= WHAT IS REQUIRED =
Return all of the material, keeping each line exactly as it is.

= DATA EXCERPTS =
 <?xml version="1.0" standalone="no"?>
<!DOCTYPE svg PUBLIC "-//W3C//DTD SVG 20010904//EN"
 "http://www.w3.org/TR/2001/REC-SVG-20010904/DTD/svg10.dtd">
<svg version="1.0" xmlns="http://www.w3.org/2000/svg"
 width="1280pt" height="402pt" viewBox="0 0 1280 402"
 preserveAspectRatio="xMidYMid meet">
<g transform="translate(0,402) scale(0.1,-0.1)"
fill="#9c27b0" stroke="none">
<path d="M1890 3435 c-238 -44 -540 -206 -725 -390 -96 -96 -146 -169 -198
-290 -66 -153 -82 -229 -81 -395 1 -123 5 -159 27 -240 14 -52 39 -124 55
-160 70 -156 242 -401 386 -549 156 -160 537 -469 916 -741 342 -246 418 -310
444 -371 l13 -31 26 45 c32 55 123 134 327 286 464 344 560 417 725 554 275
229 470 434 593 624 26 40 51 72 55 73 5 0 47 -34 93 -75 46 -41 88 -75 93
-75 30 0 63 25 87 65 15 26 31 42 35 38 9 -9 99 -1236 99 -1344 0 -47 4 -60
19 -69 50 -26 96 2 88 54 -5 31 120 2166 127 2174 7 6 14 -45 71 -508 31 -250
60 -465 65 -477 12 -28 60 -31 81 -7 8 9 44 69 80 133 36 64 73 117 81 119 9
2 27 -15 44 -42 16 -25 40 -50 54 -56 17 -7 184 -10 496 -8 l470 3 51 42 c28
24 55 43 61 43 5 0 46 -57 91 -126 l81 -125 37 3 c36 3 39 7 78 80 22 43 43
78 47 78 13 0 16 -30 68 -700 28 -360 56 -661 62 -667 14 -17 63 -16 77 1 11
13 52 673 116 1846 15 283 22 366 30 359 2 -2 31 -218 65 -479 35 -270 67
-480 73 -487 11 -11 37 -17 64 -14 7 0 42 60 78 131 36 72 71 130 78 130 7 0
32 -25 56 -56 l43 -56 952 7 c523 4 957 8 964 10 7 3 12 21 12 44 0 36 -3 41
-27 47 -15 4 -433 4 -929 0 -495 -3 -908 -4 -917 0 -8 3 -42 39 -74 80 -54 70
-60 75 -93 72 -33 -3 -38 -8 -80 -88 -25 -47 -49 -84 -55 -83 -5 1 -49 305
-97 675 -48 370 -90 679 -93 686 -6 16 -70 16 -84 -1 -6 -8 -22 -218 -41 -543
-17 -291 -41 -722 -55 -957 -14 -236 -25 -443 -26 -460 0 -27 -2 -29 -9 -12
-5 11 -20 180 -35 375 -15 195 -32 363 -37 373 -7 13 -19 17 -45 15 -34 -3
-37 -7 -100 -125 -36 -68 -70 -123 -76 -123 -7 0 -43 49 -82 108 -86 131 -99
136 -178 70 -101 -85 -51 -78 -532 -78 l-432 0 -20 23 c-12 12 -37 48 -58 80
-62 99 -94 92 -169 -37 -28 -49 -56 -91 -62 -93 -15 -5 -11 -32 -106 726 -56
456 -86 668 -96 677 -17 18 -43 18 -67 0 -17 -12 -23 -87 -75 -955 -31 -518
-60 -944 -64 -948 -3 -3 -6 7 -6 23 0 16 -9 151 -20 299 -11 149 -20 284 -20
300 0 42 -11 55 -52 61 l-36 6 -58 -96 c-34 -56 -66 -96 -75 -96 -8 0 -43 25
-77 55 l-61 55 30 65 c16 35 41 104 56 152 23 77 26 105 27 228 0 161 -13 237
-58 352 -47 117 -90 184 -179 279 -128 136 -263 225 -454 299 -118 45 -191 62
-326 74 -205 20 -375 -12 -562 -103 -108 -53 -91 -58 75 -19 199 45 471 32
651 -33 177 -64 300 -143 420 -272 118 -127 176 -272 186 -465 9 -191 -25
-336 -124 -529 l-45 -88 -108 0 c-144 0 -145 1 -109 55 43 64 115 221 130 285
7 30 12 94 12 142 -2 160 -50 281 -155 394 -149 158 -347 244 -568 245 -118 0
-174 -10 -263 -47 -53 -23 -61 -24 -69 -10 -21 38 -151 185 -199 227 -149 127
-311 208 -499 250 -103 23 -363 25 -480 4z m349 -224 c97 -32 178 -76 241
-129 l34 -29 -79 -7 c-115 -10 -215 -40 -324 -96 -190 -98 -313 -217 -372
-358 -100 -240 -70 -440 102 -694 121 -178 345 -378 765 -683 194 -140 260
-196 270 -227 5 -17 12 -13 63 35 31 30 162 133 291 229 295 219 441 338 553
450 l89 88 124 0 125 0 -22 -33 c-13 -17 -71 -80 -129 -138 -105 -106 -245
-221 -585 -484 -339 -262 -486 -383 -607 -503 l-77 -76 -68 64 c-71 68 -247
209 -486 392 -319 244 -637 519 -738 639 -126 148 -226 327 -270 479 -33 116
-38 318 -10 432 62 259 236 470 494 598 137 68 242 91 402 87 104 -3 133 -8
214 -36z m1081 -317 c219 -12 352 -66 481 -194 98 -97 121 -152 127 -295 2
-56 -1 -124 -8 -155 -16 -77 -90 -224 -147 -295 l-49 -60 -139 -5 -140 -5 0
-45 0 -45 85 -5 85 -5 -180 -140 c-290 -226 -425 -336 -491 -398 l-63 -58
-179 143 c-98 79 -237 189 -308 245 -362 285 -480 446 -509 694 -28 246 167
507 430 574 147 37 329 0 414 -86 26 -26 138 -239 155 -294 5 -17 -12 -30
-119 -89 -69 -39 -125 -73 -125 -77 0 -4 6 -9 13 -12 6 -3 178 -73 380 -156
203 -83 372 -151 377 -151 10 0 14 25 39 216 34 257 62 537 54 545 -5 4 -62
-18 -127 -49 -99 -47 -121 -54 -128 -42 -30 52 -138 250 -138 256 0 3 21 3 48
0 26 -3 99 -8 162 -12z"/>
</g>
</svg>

= FINISHED EXERCISE =
 <?xml version="1.0" standalone="no"?>
<!DOCTYPE svg PUBLIC "-//W3C//DTD SVG 20010904//EN"
 "http://www.w3.org/TR/2001/REC-SVG-20010904/DTD/svg10.dtd">
<svg version="1.0" xmlns="http://www.w3.org/2000/svg"
 width="1280pt" height="402pt" viewBox="0 0 1280 402"
 preserveAspectRatio="xMidYMid meet">
<g transform="translate(0,402) scale(0.1,-0.1)"
fill="#9c27b0" stroke="none">
<path d="M1890 3435 c-238 -44 -540 -206 -725 -390 -96 -96 -146 -169 -198
-290 -66 -153 -82 -229 -81 -395 1 -123 5 -159 27 -240 14 -52 39 -124 55
-160 70 -156 242 -401 386 -549 156 -160 537 -469 916 -741 342 -246 418 -310
444 -371 l13 -31 26 45 c32 55 123 134 327 286 464 344 560 417 725 554 275
229 470 434 593 624 26 40 51 72 55 73 5 0 47 -34 93 -75 46 -41 88 -75 93
-75 30 0 63 25 87 65 15 26 31 42 35 38 9 -9 99 -1236 99 -1344 0 -47 4 -60
19 -69 50 -26 96 2 88 54 -5 31 120 2166 127 2174 7 6 14 -45 71 -508 31 -250
60 -465 65 -477 12 -28 60 -31 81 -7 8 9 44 69 80 133 36 64 73 117 81 119 9
2 27 -15 44 -42 16 -25 40 -50 54 -56 17 -7 184 -10 496 -8 l470 3 51 42 c28
24 55 43 61 43 5 0 46 -57 91 -126 l81 -125 37 3 c36 3 39 7 78 80 22 43 43
78 47 78 13 0 16 -30 68 -700 28 -360 56 -661 62 -667 14 -17 63 -16 77 1 11
13 52 673 116 1846 15 283 22 366 30 359 2 -2 31 -218 65 -479 35 -270 67
-480 73 -487 11 -11 37 -17 64 -14 7 0 42 60 78 131 36 72 71 130 78 130 7 0
32 -25 56 -56 l43 -56 952 7 c523 4 957 8 964 10 7 3 12 21 12 44 0 36 -3 41
-27 47 -15 4 -433 4 -929 0 -495 -3 -908 -4 -917 0 -8 3 -42 39 -74 80 -54 70
-60 75 -93 72 -33 -3 -38 -8 -80 -88 -25 -47 -49 -84 -55 -83 -5 1 -49 305
-97 675 -48 370 -90 679 -93 686 -6 16 -70 16 -84 -1 -6 -8 -22 -218 -41 -543
-17 -291 -41 -722 -55 -957 -14 -236 -25 -443 -26 -460 0 -27 -2 -29 -9 -12
-5 11 -20 180 -35 375 -15 195 -32 363 -37 373 -7 13 -19 17 -45 15 -34 -3
-37 -7 -100 -125 -36 -68 -70 -123 -76 -123 -7 0 -43 49 -82 108 -86 131 -99
136 -178 70 -101 -85 -51 -78 -532 -78 l-432 0 -20 23 c-12 12 -37 48 -58 80
-62 99 -94 92 -169 -37 -28 -49 -56 -91 -62 -93 -15 -5 -11 -32 -106 726 -56
456 -86 668 -96 677 -17 18 -43 18 -67 0 -17 -12 -23 -87 -75 -955 -31 -518
-60 -944 -64 -948 -3 -3 -6 7 -6 23 0 16 -9 151 -20 299 -11 149 -20 284 -20
300 0 42 -11 55 -52 61 l-36 6 -58 -96 c-34 -56 -66 -96 -75 -96 -8 0 -43 25
-77 55 l-61 55 30 65 c16 35 41 104 56 152 23 77 26 105 27 228 0 161 -13 237
-58 352 -47 117 -90 184 -179 279 -128 136 -263 225 -454 299 -118 45 -191 62
-326 74 -205 20 -375 -12 -562 -103 -108 -53 -91 -58 75 -19 199 45 471 32
651 -33 177 -64 300 -143 420 -272 118 -127 176 -272 186 -465 9 -191 -25
-336 -124 -529 l-45 -88 -108 0 c-144 0 -145 1 -109 55 43 64 115 221 130 285
7 30 12 94 12 142 -2 160 -50 281 -155 394 -149 158 -347 244 -568 245 -118 0
-174 -10 -263 -47 -53 -23 -61 -24 -69 -10 -21 38 -151 185 -199 227 -149 127
-311 208 -499 250 -103 23 -363 25 -480 4z m349 -224 c97 -32 178 -76 241
-129 l34 -29 -79 -7 c-115 -10 -215 -40 -324 -96 -190 -98 -313 -217 -372
-358 -100 -240 -70 -440 102 -694 121 -178 345 -378 765 -683 194 -140 260
-196 270 -227 5 -17 12 -13 63 35 31 30 162 133 291 229 295 219 441 338 553
450 l89 88 124 0 125 0 -22 -33 c-13 -17 -71 -80 -129 -138 -105 -106 -245
-221 -585 -484 -339 -262 -486 -383 -607 -503 l-77 -76 -68 64 c-71 68 -247
209 -486 392 -319 244 -637 519 -738 639 -126 148 -226 327 -270 479 -33 116
-38 318 -10 432 62 259 236 470 494 598 137 68 242 91 402 87 104 -3 133 -8
214 -36z m1081 -317 c219 -12 352 -66 481 -194 98 -97 121 -152 127 -295 2
-56 -1 -124 -8 -155 -16 -77 -90 -224 -147 -295 l-49 -60 -139 -5 -140 -5 0
-45 0 -45 85 -5 85 -5 -180 -140 c-290 -226 -425 -336 -491 -398 l-63 -58
-179 143 c-98 79 -237 189 -308 245 -362 285 -480 446 -509 694 -28 246 167
507 430 574 147 37 329 0 414 -86 26 -26 138 -239 155 -294 5 -17 -12 -30
-119 -89 -69 -39 -125 -73 -125 -77 0 -4 6 -9 13 -12 6 -3 178 -73 380 -156
203 -83 372 -151 377 -151 10 0 14 25 39 216 34 257 62 537 54 545 -5 4 -62
-18 -127 -49 -99 -47 -121 -54 -128 -42 -30 52 -138 250 -138 256 0 3 21 3 48
0 26 -3 99 -8 162 -12z"/>
</g>
</svg>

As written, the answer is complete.